List of Data Processing Settings

The settings listed in the table below must be set correctly in order to perform data processing tasks.

Many of the default values for these setting are populated based the values specified in bdd.conf during the installation process.

In general, the settings below should match the Data Processing CLI configuration properties which are contained in the script itself. Parameters that must be the same are noted as such in the table below. For information about the Data Processing CLI configuration properties, see the Data Processing Guide.

Important: Except where noted, editing the Data Processing settings is not supported in Big Data Discovery Cloud Service.
Hadoop Setting Description
bdd.enableEnrichments Specifies whether to run data enrichments during the sampling phase of data processing. This setting controls the Language Detection, Term Extraction, Geocoding Address, Geocoding IP, and Reverse Geotagger modules. A value of true runs all the data enrichment modules and false does not run them. You cannot enable an individual enrichment. The default value is true.
Note: Editing this setting is supported in BDD Cloud Service.
bdd.sampleSize Specifies the maximum number of records in the sample size of a data set. This is a global setting controls both the sample size for all files uploaded using Studio, and it also controls the sample size resulting from transform operations such as Join, Aggregate, and FilterRows.

For example, you if upload a file that has 5,000,000 rows, you could restrict the total number of sampled records to 1,000,000.

The default value is 1,000,000. (This value is approximate. After data processing, the actual sample size may be slightly more or slightly less than this value.)

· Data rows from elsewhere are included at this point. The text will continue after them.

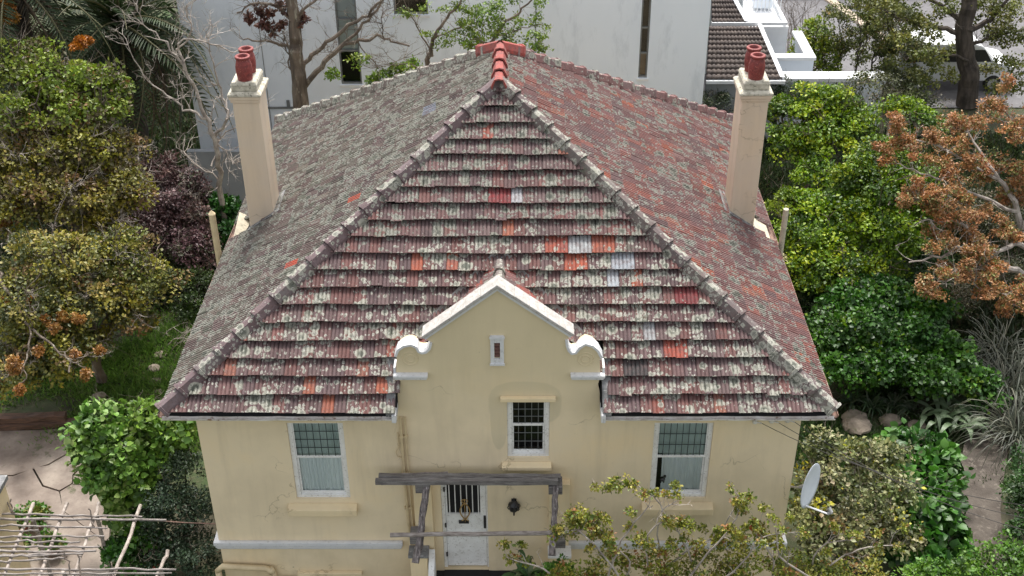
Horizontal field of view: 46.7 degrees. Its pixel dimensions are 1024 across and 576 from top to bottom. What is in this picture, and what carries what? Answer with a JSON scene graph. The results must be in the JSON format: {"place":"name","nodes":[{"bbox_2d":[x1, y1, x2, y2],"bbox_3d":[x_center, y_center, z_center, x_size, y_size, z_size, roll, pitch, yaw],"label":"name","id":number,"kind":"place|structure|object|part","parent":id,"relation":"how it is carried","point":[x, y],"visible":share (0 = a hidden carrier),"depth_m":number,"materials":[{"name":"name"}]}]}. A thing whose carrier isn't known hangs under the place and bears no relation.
{"place":"outdoors","nodes":[
{"label":"outdoors","id":0,"kind":"place"},
{"bbox_2d":[0,428,112,575],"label":"paving","id":1,"kind":"structure","parent":0,"point":[20,464],"depth_m":28.17,"materials":[{"name":"beige stone"}]},
{"bbox_2d":[0,0,1023,575],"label":"ground","id":2,"kind":"structure","parent":0,"point":[34,404],"depth_m":30.83,"materials":[{"name":"green plant"}]},
{"bbox_2d":[0,475,30,575],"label":"outbuilding","id":3,"kind":"structure","parent":2,"relation":"on","point":[4,501],"depth_m":24.74,"materials":[{"name":"paint"}]},
{"bbox_2d":[0,411,74,430],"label":"timber edging","id":4,"kind":"object","parent":2,"relation":"on","point":[24,421],"visible":0.92,"depth_m":29.97,"materials":[{"name":"brown wood"}]},
{"bbox_2d":[0,12,138,212],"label":"lime green tree","id":5,"kind":"object","parent":2,"relation":"on","point":[33,67],"visible":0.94,"depth_m":32.66,"materials":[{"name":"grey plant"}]},
{"bbox_2d":[0,0,162,226],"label":"palm tree","id":6,"kind":"object","parent":2,"relation":"on","point":[14,14],"visible":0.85,"depth_m":34.45,"materials":[{"name":"green plant"}]},
{"bbox_2d":[0,93,166,283],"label":"yellowing tree","id":7,"kind":"object","parent":2,"relation":"on","point":[47,150],"visible":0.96,"depth_m":32.19,"materials":[{"name":"green plant"}]},
{"bbox_2d":[90,392,105,400],"bbox_3d":[-10.857,2.863,31.184,0.414,0.189,0.378,0,33,0],"label":"stone","id":8,"kind":"object","parent":2,"relation":"on","point":[101,395],"visible":0.61,"depth_m":31.13,"materials":[{"name":"grey stone"}]},
{"bbox_2d":[0,222,215,452],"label":"grass","id":9,"kind":"structure","parent":2,"relation":"on","point":[137,388],"depth_m":32.09,"materials":[{"name":"green plant"}]},
{"bbox_2d":[0,145,193,404],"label":"golden tipped tree","id":10,"kind":"object","parent":9,"relation":"on","point":[45,315],"visible":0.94,"depth_m":29.88,"materials":[{"name":"green plant"}]},
{"bbox_2d":[0,501,215,575],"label":"pole pergola","id":11,"kind":"object","parent":2,"relation":"on","point":[43,553],"visible":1,"depth_m":23.82,"materials":[{"name":"brown wood"}]},
{"bbox_2d":[0,28,221,310],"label":"ground cover","id":12,"kind":"object","parent":2,"relation":"on","point":[172,131],"visible":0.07,"depth_m":43.82,"materials":[{"name":"green plant"}]},
{"bbox_2d":[6,0,234,180],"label":"palm tree","id":13,"kind":"object","parent":2,"relation":"on","point":[85,45],"visible":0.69,"depth_m":36.76,"materials":[{"name":"green plant"}]},
{"bbox_2d":[55,386,198,535],"bbox_3d":[-8.176,3.895,25.919,2.801,4.066,2.209,-27,41,-35],"label":"fig tree","id":14,"kind":"object","parent":2,"relation":"on","point":[123,448],"visible":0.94,"depth_m":25.09,"materials":[{"name":"green plant"}]},
{"bbox_2d":[98,516,171,575],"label":"leafy green shrub","id":15,"kind":"object","parent":2,"relation":"on","point":[113,549],"visible":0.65,"depth_m":25.16,"materials":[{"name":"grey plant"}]},
{"bbox_2d":[148,364,159,371],"bbox_3d":[-9.706,2.181,32.224,0.297,0.175,0.318,-19,37,-26],"label":"stone","id":16,"kind":"object","parent":2,"relation":"on","point":[154,367],"visible":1,"depth_m":32.16,"materials":[{"name":"beige stone"}]},
{"bbox_2d":[154,351,166,357],"bbox_3d":[-9.702,1.853,32.758,0.365,0.153,0.309,0,33,0],"label":"stone","id":17,"kind":"object","parent":2,"relation":"on","point":[160,356],"visible":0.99,"depth_m":32.67,"materials":[{"name":"grey stone"}]},
{"bbox_2d":[109,139,223,271],"bbox_3d":[-10.160,-2.168,35.555,3.534,3.884,4.036,0,33,0],"label":"purple leaved bush","id":18,"kind":"object","parent":2,"relation":"on","point":[171,195],"visible":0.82,"depth_m":35.03,"materials":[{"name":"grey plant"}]},
{"bbox_2d":[149,0,187,86],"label":"palm tree","id":19,"kind":"object","parent":2,"relation":"on","point":[173,18],"visible":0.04,"depth_m":38.78,"materials":[{"name":"green plant"}]},
{"bbox_2d":[155,322,192,350],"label":"dry twigs","id":20,"kind":"object","parent":2,"relation":"on","point":[183,335],"visible":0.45,"depth_m":33.00,"materials":[{"name":"wood"}]},
{"bbox_2d":[129,443,224,575],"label":"dark fine shrub","id":21,"kind":"object","parent":2,"relation":"on","point":[184,546],"visible":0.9,"depth_m":25.12,"materials":[{"name":"green plant"}]},
{"bbox_2d":[147,239,214,328],"bbox_3d":[-9.390,-0.483,34.444,2.113,2.208,3.246,-16,36,-23],"label":"green undergrowth bush","id":22,"kind":"object","parent":2,"relation":"on","point":[192,297],"visible":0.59,"depth_m":34.19,"materials":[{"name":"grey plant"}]},
{"bbox_2d":[102,0,278,218],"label":"bare tree","id":23,"kind":"object","parent":2,"relation":"on","point":[217,157],"visible":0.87,"depth_m":33.64,"materials":[{"name":"grey wood"}]},
{"bbox_2d":[187,149,245,214],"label":"garden wall","id":24,"kind":"structure","parent":2,"relation":"on","point":[205,157],"depth_m":38.42,"materials":[{"name":"grey concrete"}]},
{"bbox_2d":[196,184,241,250],"bbox_3d":[-8.791,-1.914,36.337,1.554,2.518,2.717,-19,37,-26],"label":"dark laurel bush","id":25,"kind":"object","parent":2,"relation":"on","point":[233,205],"visible":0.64,"depth_m":35.74,"materials":[{"name":"green plant"}]},
{"bbox_2d":[226,0,428,108],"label":"bare tree","id":26,"kind":"object","parent":2,"relation":"on","point":[295,17],"visible":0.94,"depth_m":35.53,"materials":[{"name":"brown plant"}]},
{"bbox_2d":[176,0,710,148],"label":"apartment building","id":27,"kind":"structure","parent":2,"relation":"on","point":[659,45],"depth_m":38.01,"materials":[{"name":"white paint"}]},
{"bbox_2d":[334,0,362,87],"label":"window","id":28,"kind":"structure","parent":27,"relation":"in","point":[341,5],"depth_m":37.91,"materials":[{"name":"white wood"}]},
{"bbox_2d":[392,0,429,17],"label":"window","id":29,"kind":"structure","parent":27,"relation":"in","point":[421,16],"depth_m":37.50,"materials":[{"name":"white wood"}]},
{"bbox_2d":[636,0,650,80],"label":"window","id":30,"kind":"structure","parent":27,"relation":"in","point":[643,55],"depth_m":38.31,"materials":[{"name":"white wood"}]},
{"bbox_2d":[343,0,553,79],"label":"sparse leafy tree","id":31,"kind":"object","parent":2,"relation":"on","point":[536,46],"visible":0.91,"depth_m":34.25,"materials":[{"name":"green plant"}]},
{"bbox_2d":[161,209,799,295],"bbox_3d":[-0.697,-1.182,36.961,19.651,0.749,5.561,0,33,0],"label":"ground cover","id":32,"kind":"object","parent":2,"relation":"on","point":[776,217],"visible":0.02,"depth_m":36.15,"materials":[{"name":"green plant"}]},
{"bbox_2d":[154,40,841,575],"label":"house","id":33,"kind":"structure","parent":2,"relation":"on","point":[498,256],"depth_m":22.55,"materials":[{"name":"paint"}]},
{"bbox_2d":[273,421,357,516],"bbox_3d":[-3.664,3.380,22.577,1.500,2.330,0.336,0,33,0],"label":"window","id":34,"kind":"structure","parent":33,"relation":"in","point":[320,469],"depth_m":22.77,"materials":[{"name":"white paint"}]},
{"bbox_2d":[297,570,362,575],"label":"window sill","id":35,"kind":"structure","parent":33,"relation":"in","point":[300,572],"depth_m":24.06,"materials":[{"name":"beige paint"}]},
{"bbox_2d":[441,485,488,566],"bbox_3d":[-0.922,4.655,23.516,0.905,2.380,0.145,0,33,0],"label":"door","id":36,"kind":"structure","parent":33,"relation":"in","point":[464,507],"depth_m":23.48,"materials":[{"name":"white paint"}]},
{"bbox_2d":[375,472,580,563],"bbox_3d":[-0.635,4.518,22.279,3.835,1.760,1.348,0,33,0],"label":"porch pergola","id":37,"kind":"object","parent":33,"relation":"attached to","point":[422,482],"visible":0.88,"depth_m":22.14,"materials":[{"name":"grey wood"}]},
{"bbox_2d":[500,396,555,470],"bbox_3d":[0.297,2.679,22.105,1.010,1.720,0.255,0,33,0],"label":"window","id":38,"kind":"structure","parent":33,"relation":"in","point":[506,466],"depth_m":22.23,"materials":[{"name":"white paint"}]},
{"bbox_2d":[641,420,725,515],"bbox_3d":[3.206,3.355,22.523,1.480,2.300,0.354,0,33,0],"label":"window","id":39,"kind":"structure","parent":33,"relation":"in","point":[685,448],"depth_m":22.65,"materials":[{"name":"white paint"}]},
{"bbox_2d":[790,463,832,514],"bbox_3d":[5.728,3.815,22.794,0.753,0.919,0.961,0,33,0],"label":"satellite dish","id":40,"kind":"object","parent":33,"relation":"attached to","point":[809,486],"visible":0.98,"depth_m":22.84,"materials":[{"name":"paint"}]},
{"bbox_2d":[762,423,1023,505],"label":"overhead wire","id":41,"kind":"object","parent":33,"relation":"attached to","point":[890,475],"visible":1,"depth_m":20.28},
{"bbox_2d":[779,423,1023,517],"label":"overhead wire","id":42,"kind":"object","parent":33,"relation":"attached to","point":[899,481],"visible":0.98,"depth_m":20.45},
{"bbox_2d":[795,422,1022,529],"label":"overhead wire","id":43,"kind":"object","parent":33,"relation":"attached to","point":[906,486],"visible":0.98,"depth_m":20.62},
{"bbox_2d":[502,549,542,575],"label":"strap leaf plant","id":44,"kind":"object","parent":2,"relation":"on","point":[523,571],"visible":0.67,"depth_m":23.05,"materials":[{"name":"green plant"}]},
{"bbox_2d":[534,553,576,575],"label":"green bush","id":45,"kind":"object","parent":2,"relation":"on","point":[549,566],"visible":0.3,"depth_m":22.23,"materials":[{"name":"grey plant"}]},
{"bbox_2d":[496,472,908,575],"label":"rose bush","id":46,"kind":"object","parent":2,"relation":"on","point":[585,520],"visible":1,"depth_m":21.20,"materials":[{"name":"green plant"}]},
{"bbox_2d":[704,0,785,138],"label":"tiled annex","id":47,"kind":"object","parent":2,"relation":"on","point":[731,37],"visible":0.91,"depth_m":43.65,"materials":[{"name":"brown tile"}]},
{"bbox_2d":[702,68,805,115],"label":"dark conifer hedge","id":48,"kind":"object","parent":2,"relation":"on","point":[727,100],"visible":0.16,"depth_m":42.35,"materials":[{"name":"green plant"}]},
{"bbox_2d":[765,67,885,191],"bbox_3d":[9.129,-4.146,37.135,4.368,5.178,3.978,16,36,23],"label":"bright green tree","id":49,"kind":"object","parent":2,"relation":"on","point":[837,112],"visible":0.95,"depth_m":36.45,"materials":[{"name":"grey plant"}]},
{"bbox_2d":[775,31,885,130],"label":"terrace wall","id":50,"kind":"structure","parent":2,"relation":"on","point":[798,63],"depth_m":44.16,"materials":[{"name":"white paint"}]},
{"bbox_2d":[762,167,911,296],"bbox_3d":[8.534,-0.861,33.315,3.102,3.847,4.736,-26,41,-34],"label":"bright green tree","id":51,"kind":"object","parent":2,"relation":"on","point":[819,263],"visible":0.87,"depth_m":32.67,"materials":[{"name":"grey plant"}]},
{"bbox_2d":[833,387,868,411],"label":"strap leaf plant","id":52,"kind":"object","parent":2,"relation":"on","point":[848,400],"visible":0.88,"depth_m":30.77,"materials":[{"name":"green plant"}]},
{"bbox_2d":[841,409,866,419],"bbox_3d":[8.741,3.297,30.286,0.601,0.241,0.533,22,39,30],"label":"stone","id":53,"kind":"object","parent":2,"relation":"on","point":[851,412],"visible":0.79,"depth_m":30.25,"materials":[{"name":"brown stone"}]},
{"bbox_2d":[842,416,871,434],"bbox_3d":[8.722,3.475,29.991,0.733,0.322,0.727,0,33,0],"label":"stone","id":54,"kind":"object","parent":2,"relation":"on","point":[858,425],"visible":1,"depth_m":29.85,"materials":[{"name":"beige stone"}]},
{"bbox_2d":[786,420,935,575],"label":"variegated shrub","id":55,"kind":"object","parent":2,"relation":"on","point":[858,514],"visible":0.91,"depth_m":25.21,"materials":[{"name":"green plant"}]},
{"bbox_2d":[846,390,889,419],"bbox_3d":[9.194,2.948,30.603,1.189,0.358,1.209,0,33,0],"label":"strap leaf plant","id":56,"kind":"object","parent":2,"relation":"on","point":[874,401],"visible":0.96,"depth_m":30.57,"materials":[{"name":"green plant"}]},
{"bbox_2d":[795,227,954,321],"bbox_3d":[10.292,-0.018,33.289,6.121,2.490,2.891,-15,36,-22],"label":"dark understorey bush","id":57,"kind":"object","parent":2,"relation":"on","point":[812,295],"visible":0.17,"depth_m":33.04,"materials":[{"name":"green plant"}]},
{"bbox_2d":[817,91,954,273],"bbox_3d":[11.293,-3.415,35.444,3.942,5.769,8.651,10,35,16],"label":"bright green tree","id":58,"kind":"object","parent":2,"relation":"on","point":[866,185],"visible":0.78,"depth_m":33.35,"materials":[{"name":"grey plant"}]},
{"bbox_2d":[878,413,901,426],"bbox_3d":[9.616,3.375,30.168,0.542,0.229,0.513,0,33,0],"label":"stone","id":59,"kind":"object","parent":2,"relation":"on","point":[888,418],"visible":0.77,"depth_m":30.10,"materials":[{"name":"stone"}]},
{"bbox_2d":[758,124,1023,373],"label":"ground cover","id":60,"kind":"object","parent":2,"relation":"on","point":[767,186],"visible":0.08,"depth_m":40.09,"materials":[{"name":"green plant"}]},
{"bbox_2d":[835,69,952,137],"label":"tangled shrub","id":61,"kind":"object","parent":2,"relation":"on","point":[865,76],"visible":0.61,"depth_m":42.28,"materials":[{"name":"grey plant"}]},
{"bbox_2d":[869,390,918,415],"bbox_3d":[9.861,2.960,30.625,1.188,0.307,1.101,0,33,0],"label":"strap leaf plant","id":62,"kind":"object","parent":2,"relation":"on","point":[894,399],"visible":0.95,"depth_m":30.66,"materials":[{"name":"green plant"}]},
{"bbox_2d":[864,59,928,100],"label":"olive street shrub","id":63,"kind":"object","parent":2,"relation":"on","point":[891,69],"visible":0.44,"depth_m":45.69,"materials":[{"name":"green plant"}]},
{"bbox_2d":[804,247,1013,413],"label":"creeper bank","id":64,"kind":"structure","parent":2,"relation":"on","point":[886,328],"depth_m":30.27,"materials":[{"name":"green plant"}]},
{"bbox_2d":[891,394,931,419],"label":"strap leaf plant","id":65,"kind":"object","parent":2,"relation":"on","point":[904,408],"visible":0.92,"depth_m":30.41,"materials":[{"name":"green plant"}]},
{"bbox_2d":[907,420,926,429],"bbox_3d":[10.231,3.495,30.001,0.492,0.232,0.442,0,33,0],"label":"stone","id":66,"kind":"object","parent":2,"relation":"on","point":[910,423],"visible":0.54,"depth_m":29.93,"materials":[{"name":"brown stone"}]},
{"bbox_2d":[873,417,978,574],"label":"heart leaved shrub","id":67,"kind":"object","parent":2,"relation":"on","point":[943,523],"visible":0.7,"depth_m":26.22,"materials":[{"name":"green plant"}]},
{"bbox_2d":[851,0,1023,108],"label":"dark trunked tree","id":68,"kind":"object","parent":2,"relation":"on","point":[969,67],"visible":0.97,"depth_m":44.27,"materials":[{"name":"green plant"}]},
{"bbox_2d":[870,71,1023,318],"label":"orange brown tree","id":69,"kind":"object","parent":2,"relation":"on","point":[978,248],"visible":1,"depth_m":31.48,"materials":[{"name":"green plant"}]},
{"bbox_2d":[906,390,993,440],"bbox_3d":[11.246,3.042,30.002,2.339,0.332,2.384,0,33,0],"label":"grey green plant","id":70,"kind":"object","parent":2,"relation":"on","point":[947,416],"visible":0.82,"depth_m":29.71,"materials":[{"name":"green plant"}]},
{"bbox_2d":[886,522,1023,575],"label":"bright hedge","id":71,"kind":"object","parent":2,"relation":"on","point":[1012,565],"visible":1,"depth_m":23.67,"materials":[{"name":"green plant"}]},
{"bbox_2d":[928,168,1023,322],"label":"brown scrub bush","id":72,"kind":"object","parent":2,"relation":"on","point":[965,296],"visible":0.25,"depth_m":33.95,"materials":[{"name":"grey plant"}]},
{"bbox_2d":[942,373,1023,478],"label":"weeping shrub","id":73,"kind":"object","parent":2,"relation":"on","point":[1020,437],"visible":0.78,"depth_m":29.32,"materials":[{"name":"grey plant"}]},
{"bbox_2d":[946,330,1023,445],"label":"weeping shrub","id":74,"kind":"object","parent":2,"relation":"on","point":[1013,382],"visible":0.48,"depth_m":30.93,"materials":[{"name":"grey plant"}]},
{"bbox_2d":[957,306,1023,384],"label":"weeping shrub","id":75,"kind":"object","parent":2,"relation":"on","point":[1003,334],"visible":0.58,"depth_m":32.29,"materials":[{"name":"grey plant"}]},
{"bbox_2d":[990,441,1023,544],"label":"dark hedge","id":76,"kind":"object","parent":2,"relation":"on","point":[1016,490],"visible":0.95,"depth_m":26.08,"materials":[{"name":"green plant"}]},
{"bbox_2d":[703,0,1023,107],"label":"road","id":77,"kind":"structure","parent":0,"point":[948,89],"depth_m":52.03,"materials":[{"name":"grey asphalt"}]},
{"bbox_2d":[738,0,787,53],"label":"white house","id":78,"kind":"structure","parent":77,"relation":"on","point":[768,14],"depth_m":46.35,"materials":[{"name":"white paint"}]},
{"bbox_2d":[779,1,824,50],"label":"bare brush","id":79,"kind":"object","parent":77,"relation":"on","point":[800,21],"visible":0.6,"depth_m":50.28,"materials":[{"name":"grey plant"}]},
{"bbox_2d":[787,14,845,71],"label":"yellow green shrub","id":80,"kind":"object","parent":77,"relation":"on","point":[823,43],"visible":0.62,"depth_m":46.69,"materials":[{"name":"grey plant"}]},
{"bbox_2d":[819,1,865,70],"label":"sapling","id":81,"kind":"object","parent":77,"relation":"on","point":[843,46],"visible":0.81,"depth_m":45.94,"materials":[{"name":"green plant"}]},
{"bbox_2d":[824,0,884,34],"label":"kerb","id":82,"kind":"structure","parent":77,"relation":"on","point":[836,1],"depth_m":55.16,"materials":[{"name":"concrete"}]},
{"bbox_2d":[836,0,888,70],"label":"sapling","id":83,"kind":"object","parent":77,"relation":"on","point":[864,29],"visible":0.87,"depth_m":45.53,"materials":[{"name":"green plant"}]},
{"bbox_2d":[849,5,904,70],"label":"sapling","id":84,"kind":"object","parent":77,"relation":"on","point":[883,53],"visible":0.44,"depth_m":46.59,"materials":[{"name":"green plant"}]},
{"bbox_2d":[863,1,913,82],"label":"sapling","id":85,"kind":"object","parent":77,"relation":"on","point":[891,45],"visible":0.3,"depth_m":46.05,"materials":[{"name":"green plant"}]},
{"bbox_2d":[877,24,926,75],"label":"sapling","id":86,"kind":"object","parent":77,"relation":"on","point":[920,42],"visible":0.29,"depth_m":46.37,"materials":[{"name":"green plant"}]},
{"bbox_2d":[889,28,1013,90],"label":"parked van","id":87,"kind":"object","parent":77,"relation":"on","point":[982,53],"visible":0.27,"depth_m":46.94,"materials":[{"name":"white paint"}]},
{"label":"window","id":88,"kind":"part","parent":87,"relation":"part of","materials":[{"name":"black glass"}]},
{"label":"window","id":89,"kind":"part","parent":87,"relation":"part of","materials":[{"name":"black glass"}]},
{"bbox_2d":[793,368,1009,485],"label":"grass","id":90,"kind":"structure","parent":0,"point":[879,389],"depth_m":30.08,"materials":[{"name":"green plant"}]},
{"bbox_2d":[958,407,1023,575],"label":"path","id":91,"kind":"structure","parent":0,"point":[981,528],"depth_m":28.07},
{"bbox_3d":[-10.818,5.318,27.052,0.352,0.260,0.347,0,33,0],"label":"flower pot","id":92,"kind":"object","parent":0,"visible":0},
{"bbox_2d":[22,500,53,524],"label":"potted plant","id":93,"kind":"object","parent":92,"relation":"in","point":[39,507],"visible":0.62,"depth_m":26.84,"materials":[{"name":"green plant"}]},
{"bbox_3d":[-11.128,5.394,26.957,0.330,0.240,0.325,0,33,0],"label":"flower pot","id":94,"kind":"object","parent":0,"visible":0},
{"bbox_2d":[13,504,27,529],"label":"potted plant","id":95,"kind":"object","parent":94,"relation":"in","point":[19,522],"visible":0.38,"depth_m":26.77,"materials":[{"name":"green plant"}]},
{"bbox_3d":[-10.222,5.782,26.350,0.330,0.240,0.325,0,33,0],"label":"flower pot","id":96,"kind":"object","parent":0,"visible":0},
{"bbox_2d":[33,528,67,552],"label":"potted plant","id":97,"kind":"object","parent":96,"relation":"in","point":[49,539],"visible":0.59,"depth_m":26.16,"materials":[{"name":"green plant"}]},
{"bbox_3d":[-10.941,5.851,26.214,0.374,0.280,0.368,0,33,0],"label":"flower pot","id":98,"kind":"object","parent":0,"visible":0},
{"bbox_2d":[22,533,32,549],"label":"potted plant","id":99,"kind":"object","parent":98,"relation":"in","point":[26,539],"visible":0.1,"depth_m":26.13,"materials":[{"name":"green plant"}]}
]}

Note: Editing this setting is supported in BDD Cloud Service.

Data Processing Topology

In addition to the configurable settings above, you can review the data processing topology by navigating to Big Data Discovery and then the About Big Data Discovery page, and expanding the Data Processing Topology drop-down. This exposes the following information:

Hadoop Setting Description
Hadoop Admin Console The hostname and Admin Console port of the machine that acts as the Master for your Hadoop cluster.
Name Node The NameNode internal Web server and port.
Hive metastore Server The Hive metastore listener and port.
Hive Server The Hive server listener and port.
Hue Server The Hue Web interface server and port.
Database Name The name of the Hive database that stores the source data for Studio data sets.
Sandbox The HDFS directory in which to store the Parquet files created when users export data from Big Data Discovery. The default value is /user/bdd.